Mbungani: « L’annonce de Kinshasa de quitter la CPI est irresponsable »

Docteur en médecine, secrétaire national chargé des Relations extérieures du MLC (Mouvement de libération du Congo), 51 ans, Jean-Jacques Mbungani Mbanda se dit « choqué » par les allégations contenues dans le communiqué publié, samedi 15 septembre, par le ministre des Affaires étrangères Léonard She Okitundu. Le texte dénonce des « pressions » que certains Etats exerceraient sur les juges de la CPI dans le but d’influer sur « la politique intérieure congolaise ». Interview.

Quelle est votre réaction après lecture du communiqué du ministre congolais des Affaires étrangères?

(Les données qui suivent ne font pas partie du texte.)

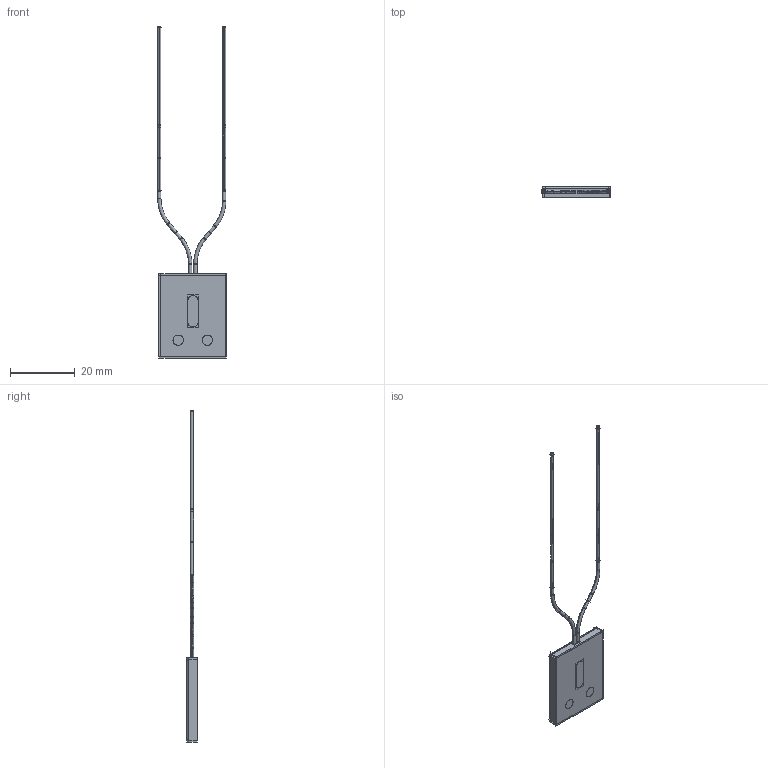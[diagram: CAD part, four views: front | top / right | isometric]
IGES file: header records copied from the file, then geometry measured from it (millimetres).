
Start section:  PTC IGES file: 193376.igs
Global section: file name: 193376.igs; native system: Creo Parametric by Parametric Technology Corporation; preprocessor: 2013230; author: pdmadmin; organization: Unknown; date: 20160302.100147; units: millimetre
Bounding box: 21.23 x 3.27 x 102.21 mm (x, y, z)
Volume: 1612.7 mm3; surface area: 9433.9 mm2
Topology: 8 solids, 10 shells, 198 faces, 976 edges, 1260 vertices
Faces by surface type: revolution 120, bspline 78
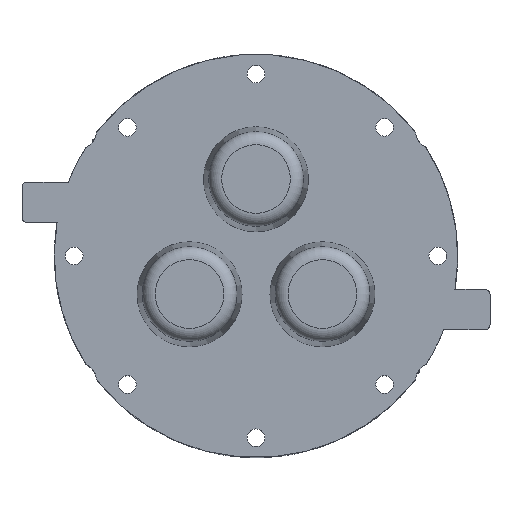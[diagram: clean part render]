
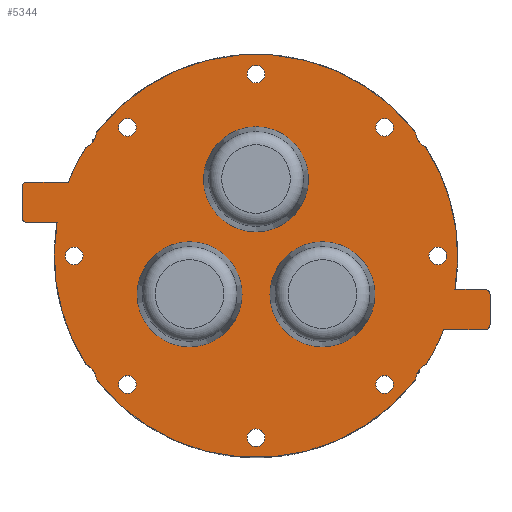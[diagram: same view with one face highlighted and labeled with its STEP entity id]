
A CAD part, top view. The second image highlights one B-rep face of the part: STEP entity #5344.
In plain terms, the highlighted planar face has unit normal (0, 0, 1).
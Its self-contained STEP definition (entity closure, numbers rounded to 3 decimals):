
#431=FACE_BOUND('',#823,.T.);
#432=FACE_BOUND('',#824,.T.);
#433=FACE_BOUND('',#825,.T.);
#434=FACE_BOUND('',#826,.T.);
#435=FACE_BOUND('',#827,.T.);
#436=FACE_BOUND('',#828,.T.);
#437=FACE_BOUND('',#829,.T.);
#438=FACE_BOUND('',#830,.T.);
#461=FACE_OUTER_BOUND('',#822,.T.);
#822=EDGE_LOOP('',(#3448,#3449,#3450,#3451,#3452,#3453,#3454,#3455,#3456,
#3457,#3458,#3459,#3460,#3461,#3462,#3463,#3464,#3465,#3466,#3467));
#823=EDGE_LOOP('',(#3468));
#824=EDGE_LOOP('',(#3469));
#825=EDGE_LOOP('',(#3470));
#826=EDGE_LOOP('',(#3471));
#827=EDGE_LOOP('',(#3472));
#828=EDGE_LOOP('',(#3473));
#829=EDGE_LOOP('',(#3474));
#830=EDGE_LOOP('',(#3475));
#1213=CIRCLE('',#5757,124.955);
#1214=CIRCLE('',#5758,10.545);
#1215=CIRCLE('',#5759,124.955);
#1216=CIRCLE('',#5760,10.545);
#1217=CIRCLE('',#5761,124.955);
#1218=CIRCLE('',#5762,3.);
#1219=CIRCLE('',#5763,3.);
#1220=CIRCLE('',#5764,124.955);
#1221=CIRCLE('',#5765,10.545);
#1222=CIRCLE('',#5766,124.955);
#1223=CIRCLE('',#5767,10.545);
#1224=CIRCLE('',#5768,124.955);
#1225=CIRCLE('',#5769,3.);
#1226=CIRCLE('',#5770,3.);
#1227=CIRCLE('',#5771,5.5);
#1228=CIRCLE('',#5772,5.5);
#1229=CIRCLE('',#5773,5.5);
#1230=CIRCLE('',#5774,5.5);
#1231=CIRCLE('',#5775,5.5);
#1232=CIRCLE('',#5776,5.5);
#1233=CIRCLE('',#5777,5.5);
#1234=CIRCLE('',#5778,5.5);
#1671=LINE('',#8433,#1921);
#1672=LINE('',#8445,#1922);
#1673=LINE('',#8449,#1923);
#1674=LINE('',#8453,#1924);
#1675=LINE('',#8465,#1925);
#1676=LINE('',#8469,#1926);
#1921=VECTOR('',#6568,10.);
#1922=VECTOR('',#6579,10.);
#1923=VECTOR('',#6582,10.);
#1924=VECTOR('',#6585,10.);
#1925=VECTOR('',#6596,10.);
#1926=VECTOR('',#6599,10.);
#2171=VERTEX_POINT('',#8431);
#2172=VERTEX_POINT('',#8432);
#2173=VERTEX_POINT('',#8434);
#2174=VERTEX_POINT('',#8436);
#2175=VERTEX_POINT('',#8438);
#2176=VERTEX_POINT('',#8440);
#2177=VERTEX_POINT('',#8442);
#2178=VERTEX_POINT('',#8444);
#2179=VERTEX_POINT('',#8446);
#2180=VERTEX_POINT('',#8448);
#2181=VERTEX_POINT('',#8450);
#2182=VERTEX_POINT('',#8452);
#2183=VERTEX_POINT('',#8454);
#2184=VERTEX_POINT('',#8456);
#2185=VERTEX_POINT('',#8458);
#2186=VERTEX_POINT('',#8460);
#2187=VERTEX_POINT('',#8462);
#2188=VERTEX_POINT('',#8464);
#2189=VERTEX_POINT('',#8466);
#2190=VERTEX_POINT('',#8468);
#2191=VERTEX_POINT('',#8471);
#2192=VERTEX_POINT('',#8473);
#2193=VERTEX_POINT('',#8475);
#2194=VERTEX_POINT('',#8477);
#2195=VERTEX_POINT('',#8479);
#2196=VERTEX_POINT('',#8481);
#2197=VERTEX_POINT('',#8483);
#2198=VERTEX_POINT('',#8485);
#2638=EDGE_CURVE('',#2171,#2172,#1671,.T.);
#2639=EDGE_CURVE('',#2173,#2171,#1213,.T.);
#2640=EDGE_CURVE('',#2174,#2173,#1214,.T.);
#2641=EDGE_CURVE('',#2175,#2174,#1215,.T.);
#2642=EDGE_CURVE('',#2176,#2175,#1216,.T.);
#2643=EDGE_CURVE('',#2177,#2176,#1217,.T.);
#2644=EDGE_CURVE('',#2178,#2177,#1672,.T.);
#2645=EDGE_CURVE('',#2179,#2178,#1218,.T.);
#2646=EDGE_CURVE('',#2180,#2179,#1673,.T.);
#2647=EDGE_CURVE('',#2181,#2180,#1219,.T.);
#2648=EDGE_CURVE('',#2182,#2181,#1674,.T.);
#2649=EDGE_CURVE('',#2183,#2182,#1220,.T.);
#2650=EDGE_CURVE('',#2184,#2183,#1221,.T.);
#2651=EDGE_CURVE('',#2185,#2184,#1222,.T.);
#2652=EDGE_CURVE('',#2186,#2185,#1223,.T.);
#2653=EDGE_CURVE('',#2187,#2186,#1224,.T.);
#2654=EDGE_CURVE('',#2188,#2187,#1675,.T.);
#2655=EDGE_CURVE('',#2189,#2188,#1225,.T.);
#2656=EDGE_CURVE('',#2190,#2189,#1676,.T.);
#2657=EDGE_CURVE('',#2172,#2190,#1226,.T.);
#2658=EDGE_CURVE('',#2191,#2191,#1227,.T.);
#2659=EDGE_CURVE('',#2192,#2192,#1228,.T.);
#2660=EDGE_CURVE('',#2193,#2193,#1229,.T.);
#2661=EDGE_CURVE('',#2194,#2194,#1230,.T.);
#2662=EDGE_CURVE('',#2195,#2195,#1231,.T.);
#2663=EDGE_CURVE('',#2196,#2196,#1232,.T.);
#2664=EDGE_CURVE('',#2197,#2197,#1233,.T.);
#2665=EDGE_CURVE('',#2198,#2198,#1234,.T.);
#3448=ORIENTED_EDGE('',*,*,#2638,.F.);
#3449=ORIENTED_EDGE('',*,*,#2639,.F.);
#3450=ORIENTED_EDGE('',*,*,#2640,.F.);
#3451=ORIENTED_EDGE('',*,*,#2641,.F.);
#3452=ORIENTED_EDGE('',*,*,#2642,.F.);
#3453=ORIENTED_EDGE('',*,*,#2643,.F.);
#3454=ORIENTED_EDGE('',*,*,#2644,.F.);
#3455=ORIENTED_EDGE('',*,*,#2645,.F.);
#3456=ORIENTED_EDGE('',*,*,#2646,.F.);
#3457=ORIENTED_EDGE('',*,*,#2647,.F.);
#3458=ORIENTED_EDGE('',*,*,#2648,.F.);
#3459=ORIENTED_EDGE('',*,*,#2649,.F.);
#3460=ORIENTED_EDGE('',*,*,#2650,.F.);
#3461=ORIENTED_EDGE('',*,*,#2651,.F.);
#3462=ORIENTED_EDGE('',*,*,#2652,.F.);
#3463=ORIENTED_EDGE('',*,*,#2653,.F.);
#3464=ORIENTED_EDGE('',*,*,#2654,.F.);
#3465=ORIENTED_EDGE('',*,*,#2655,.F.);
#3466=ORIENTED_EDGE('',*,*,#2656,.F.);
#3467=ORIENTED_EDGE('',*,*,#2657,.F.);
#3468=ORIENTED_EDGE('',*,*,#2658,.T.);
#3469=ORIENTED_EDGE('',*,*,#2659,.T.);
#3470=ORIENTED_EDGE('',*,*,#2660,.T.);
#3471=ORIENTED_EDGE('',*,*,#2661,.T.);
#3472=ORIENTED_EDGE('',*,*,#2662,.T.);
#3473=ORIENTED_EDGE('',*,*,#2663,.T.);
#3474=ORIENTED_EDGE('',*,*,#2664,.T.);
#3475=ORIENTED_EDGE('',*,*,#2665,.T.);
#5068=PLANE('',#5756);
#5344=ADVANCED_FACE('',(#461,#431,#432,#433,#434,#435,#436,#437,#438),#5068,
 .F.);
#5756=AXIS2_PLACEMENT_3D('',#8430,#6566,#6567);
#5757=AXIS2_PLACEMENT_3D('',#8435,#6569,#6570);
#5758=AXIS2_PLACEMENT_3D('',#8437,#6571,#6572);
#5759=AXIS2_PLACEMENT_3D('',#8439,#6573,#6574);
#5760=AXIS2_PLACEMENT_3D('',#8441,#6575,#6576);
#5761=AXIS2_PLACEMENT_3D('',#8443,#6577,#6578);
#5762=AXIS2_PLACEMENT_3D('',#8447,#6580,#6581);
#5763=AXIS2_PLACEMENT_3D('',#8451,#6583,#6584);
#5764=AXIS2_PLACEMENT_3D('',#8455,#6586,#6587);
#5765=AXIS2_PLACEMENT_3D('',#8457,#6588,#6589);
#5766=AXIS2_PLACEMENT_3D('',#8459,#6590,#6591);
#5767=AXIS2_PLACEMENT_3D('',#8461,#6592,#6593);
#5768=AXIS2_PLACEMENT_3D('',#8463,#6594,#6595);
#5769=AXIS2_PLACEMENT_3D('',#8467,#6597,#6598);
#5770=AXIS2_PLACEMENT_3D('',#8470,#6600,#6601);
#5771=AXIS2_PLACEMENT_3D('',#8472,#6602,#6603);
#5772=AXIS2_PLACEMENT_3D('',#8474,#6604,#6605);
#5773=AXIS2_PLACEMENT_3D('',#8476,#6606,#6607);
#5774=AXIS2_PLACEMENT_3D('',#8478,#6608,#6609);
#5775=AXIS2_PLACEMENT_3D('',#8480,#6610,#6611);
#5776=AXIS2_PLACEMENT_3D('',#8482,#6612,#6613);
#5777=AXIS2_PLACEMENT_3D('',#8484,#6614,#6615);
#5778=AXIS2_PLACEMENT_3D('',#8486,#6616,#6617);
#6566=DIRECTION('center_axis',(0.,0.,-1.));
#6567=DIRECTION('ref_axis',(-1.,0.,0.));
#6568=DIRECTION('',(-1.,0.,0.));
#6569=DIRECTION('center_axis',(0.,0.,-1.));
#6570=DIRECTION('ref_axis',(-0.842,0.539,0.));
#6571=DIRECTION('center_axis',(0.,0.,1.));
#6572=DIRECTION('ref_axis',(-0.998,-0.07,0.));
#6573=DIRECTION('center_axis',(0.,0.,-1.));
#6574=DIRECTION('ref_axis',(-0.792,-0.61,0.));
#6575=DIRECTION('center_axis',(0.,0.,1.));
#6576=DIRECTION('ref_axis',(0.403,-0.915,0.));
#6577=DIRECTION('center_axis',(0.,0.,-1.));
#6578=DIRECTION('ref_axis',(0.842,-0.539,0.));
#6579=DIRECTION('',(-1.,0.,0.));
#6580=DIRECTION('center_axis',(0.,0.,-1.));
#6581=DIRECTION('ref_axis',(0.,-1.,0.));
#6582=DIRECTION('',(0.,-1.,0.));
#6583=DIRECTION('center_axis',(0.,0.,-1.));
#6584=DIRECTION('ref_axis',(1.,0.,0.));
#6585=DIRECTION('',(1.,0.,0.));
#6586=DIRECTION('center_axis',(0.,0.,-1.));
#6587=DIRECTION('ref_axis',(0.986,-0.166,0.));
#6588=DIRECTION('center_axis',(0.,0.,1.));
#6589=DIRECTION('ref_axis',(0.998,0.07,0.));
#6590=DIRECTION('center_axis',(0.,0.,-1.));
#6591=DIRECTION('ref_axis',(0.792,0.61,0.));
#6592=DIRECTION('center_axis',(0.,0.,1.));
#6593=DIRECTION('ref_axis',(-0.403,0.915,0.));
#6594=DIRECTION('center_axis',(0.,0.,-1.));
#6595=DIRECTION('ref_axis',(-0.842,0.539,0.));
#6596=DIRECTION('',(1.,0.,0.));
#6597=DIRECTION('center_axis',(0.,0.,-1.));
#6598=DIRECTION('ref_axis',(0.,1.,0.));
#6599=DIRECTION('',(0.,1.,0.));
#6600=DIRECTION('center_axis',(0.,0.,-1.));
#6601=DIRECTION('ref_axis',(-1.,0.,0.));
#6602=DIRECTION('center_axis',(0.,0.,-1.));
#6603=DIRECTION('ref_axis',(-1.,0.,0.));
#6604=DIRECTION('center_axis',(0.,0.,-1.));
#6605=DIRECTION('ref_axis',(-0.707,-0.707,0.));
#6606=DIRECTION('center_axis',(0.,0.,-1.));
#6607=DIRECTION('ref_axis',(0.,-1.,0.));
#6608=DIRECTION('center_axis',(0.,0.,-1.));
#6609=DIRECTION('ref_axis',(0.707,-0.707,0.));
#6610=DIRECTION('center_axis',(0.,0.,-1.));
#6611=DIRECTION('ref_axis',(1.,0.,0.));
#6612=DIRECTION('center_axis',(0.,0.,-1.));
#6613=DIRECTION('ref_axis',(0.707,0.707,0.));
#6614=DIRECTION('center_axis',(0.,0.,-1.));
#6615=DIRECTION('ref_axis',(0.,1.,0.));
#6616=DIRECTION('center_axis',(0.,0.,-1.));
#6617=DIRECTION('ref_axis',(-0.707,0.707,0.));
#8430=CARTESIAN_POINT('Origin',(0.,0.,20.));
#8431=CARTESIAN_POINT('',(-123.215,20.78,20.));
#8432=CARTESIAN_POINT('',(-141.95,20.78,20.));
#8433=CARTESIAN_POINT('',(-141.95,20.78,20.));
#8434=CARTESIAN_POINT('',(-105.252,-67.349,20.));
#8435=CARTESIAN_POINT('Origin',(0.,0.,20.));
#8436=CARTESIAN_POINT('',(-98.981,-76.267,20.));
#8437=CARTESIAN_POINT('Origin',(-109.5,-77.,20.));
#8438=CARTESIAN_POINT('',(98.981,-76.267,20.));
#8439=CARTESIAN_POINT('Origin',(0.,0.,20.));
#8440=CARTESIAN_POINT('',(105.252,-67.349,20.));
#8441=CARTESIAN_POINT('Origin',(109.5,-77.,20.));
#8442=CARTESIAN_POINT('',(116.306,-45.68,20.));
#8443=CARTESIAN_POINT('Origin',(0.,0.,20.));
#8444=CARTESIAN_POINT('',(141.95,-45.68,20.));
#8445=CARTESIAN_POINT('',(116.306,-45.68,20.));
#8446=CARTESIAN_POINT('',(144.95,-42.68,20.));
#8447=CARTESIAN_POINT('Origin',(141.95,-42.68,20.));
#8448=CARTESIAN_POINT('',(144.95,-23.78,20.));
#8449=CARTESIAN_POINT('',(144.95,-42.68,20.));
#8450=CARTESIAN_POINT('',(141.95,-20.78,20.));
#8451=CARTESIAN_POINT('Origin',(141.95,-23.78,20.));
#8452=CARTESIAN_POINT('',(123.215,-20.78,20.));
#8453=CARTESIAN_POINT('',(141.95,-20.78,20.));
#8454=CARTESIAN_POINT('',(105.252,67.349,20.));
#8455=CARTESIAN_POINT('Origin',(0.,0.,20.));
#8456=CARTESIAN_POINT('',(98.981,76.267,20.));
#8457=CARTESIAN_POINT('Origin',(109.5,77.,20.));
#8458=CARTESIAN_POINT('',(-98.981,76.267,20.));
#8459=CARTESIAN_POINT('Origin',(0.,0.,20.));
#8460=CARTESIAN_POINT('',(-105.252,67.349,20.));
#8461=CARTESIAN_POINT('Origin',(-109.5,77.,20.));
#8462=CARTESIAN_POINT('',(-116.306,45.68,20.));
#8463=CARTESIAN_POINT('Origin',(0.,0.,20.));
#8464=CARTESIAN_POINT('',(-141.95,45.68,20.));
#8465=CARTESIAN_POINT('',(-116.306,45.68,20.));
#8466=CARTESIAN_POINT('',(-144.95,42.68,20.));
#8467=CARTESIAN_POINT('Origin',(-141.95,42.68,20.));
#8468=CARTESIAN_POINT('',(-144.95,23.78,20.));
#8469=CARTESIAN_POINT('',(-144.95,42.68,20.));
#8470=CARTESIAN_POINT('Origin',(-141.95,23.78,20.));
#8471=CARTESIAN_POINT('',(5.5,112.65,20.));
#8472=CARTESIAN_POINT('Origin',(0.,112.65,20.));
#8473=CARTESIAN_POINT('',(-75.766,83.545,20.));
#8474=CARTESIAN_POINT('Origin',(-79.656,79.656,20.));
#8475=CARTESIAN_POINT('',(-112.65,5.5,20.));
#8476=CARTESIAN_POINT('Origin',(-112.65,0.,20.));
#8477=CARTESIAN_POINT('',(-83.545,-75.766,20.));
#8478=CARTESIAN_POINT('Origin',(-79.656,-79.656,20.));
#8479=CARTESIAN_POINT('',(-5.5,-112.65,20.));
#8480=CARTESIAN_POINT('Origin',(0.,-112.65,20.));
#8481=CARTESIAN_POINT('',(75.766,-83.545,20.));
#8482=CARTESIAN_POINT('Origin',(79.656,-79.656,20.));
#8483=CARTESIAN_POINT('',(112.65,-5.5,20.));
#8484=CARTESIAN_POINT('Origin',(112.65,0.,20.));
#8485=CARTESIAN_POINT('',(83.545,75.766,20.));
#8486=CARTESIAN_POINT('Origin',(79.656,79.656,20.));

Je suis très choqué. Il se dégage de ce communiqué une certaine légèreté de la part des gouvernants actuels. En ratifiant le Statut de Rome, j’imagine qu’ils étaient conscients de l’engagement pris. En dépit de certaines imperfections, la Cour pénale internationale est une institution qui a une utilité reconnue de tous. Prétendre que des Etats tiers exerceraient des « pressions » sur les juges afin d’influencer un verdict est totalement inimaginable. En lisant entre les lignes ce communiqué, on est tenté de dire que c’est plutôt le gouvernement congolais qui serait en contact avec ces magistrats. L’annonce du retrait éventuel de la RDC du Statut de Rome est tout simplement irresponsable.

Que répondez-vous à ceux qui suspectent le bureau du procureur d’avoir « tuyauté » le gouvernement congolais?

Vous le savez autant que moi que le bureau du procureur ne rend pas des jugements. Le rôle de celui-ci se limite à mener des enquêtes et à rassembler des indices susceptibles de confirmer la culpabilité. Il est question dans ce communiqué de « gouvernements étrangers » non autrement identifiés qui tenteraient de faire pencher la balance dans le processus de décision des juges par rapport à des personnes qui pourraient influencer la politique nationale en RDC. C’est assez étonnant_

D’aucuns diront qu’il n’y a pas de fumée sans feu. Quel est, selon vous, le facteur qui pu inciter les autorités congolaises à diffuser ce communiqué?

Il y a visiblement des personnalités qui influent sur la politique nationale. L’accueil chaleureux que les Kinois ont réservé récemment à Jean-Pierre Bemba témoigne de la demande populaire d’un changement. Il y a des personnes qui incarnent ce changement. C’est le cas notamment du sénateur Bemba. Si une telle personne accédait au pouvoir, cela pourrait mettre à mal le pouvoir en place qui est rejeté par tout un peuple. On peut supposer que certains artifices utilisés par les gouvernants en place n’ont qu’un but. Celui d’empêcher d’autres prétendants à se lancer dans la compétition.

Le communiqué du ministère des Affaires étrangères fait état de « la propension à instrumentaliser cette juridiction internationale à des fins inavoués ». Et pourtant, il est de notoriété publique que le régime kabiliste semblait filer le « parfait amour » avec la CPI. Votre commentaire?

La Cour pénale internationale est indépendante dans le rendu de ses arrêts. A preuve, le sénateur Jean-Pierre Bemba a été condamné en première instance, dans la première affaire, à 18 ans de prison. Son conseil avait interjeté appel. La chambre d’appel a acquitté le sénateur Bemba après avoir constaté, dans ses attendus, que le Président du MLC  n’exerçait pas l’autorité hiérarchique sur les troupes du MLC déployées en Centrafrique. La Cour l’a lavé totalement du chef d’accusation de crimes de guerre et de crimes contre l’humanité mis à sa charge. Il va sans dire que la CPI a rendu sa décision en toute indépendance. Lorsqu’on parle d’instrumentalisation, cela voudrait-il dire qu’il y a des gouvernements qui prennent des contacts avec les juges de manière à ce que le verdict à rendre soit orienté? C’est impensable!

Le dernier mandat de « Joseph Kabila » a expiré le 19 décembre 2016. Que répondez-vous à certains juristes qui soutiennent que le Président en exercice – qui est depuis lors hors mandat – devrait se limiter à « expédier les affaires courantes » et n’est pas habilité à décider le retrait du Congo-Kinshasa d’une organisation internationale?

Cette question vaut son pesant d’or. Joseph Kabila n’a plus organisé les élections. Il est là comme le président de « rallonge » grâce à l’Accord de la Saint Sylvestre qui lui a accordé une pseudo-légitimité. Nous attendons qu’il « libère » le processus électoral par l’organisation des élections. En attendant, le gouvernement en place n’est plus qualifié pour prendre des décisions qui relèvent de la responsabilité d’un exécutif de plein exercice.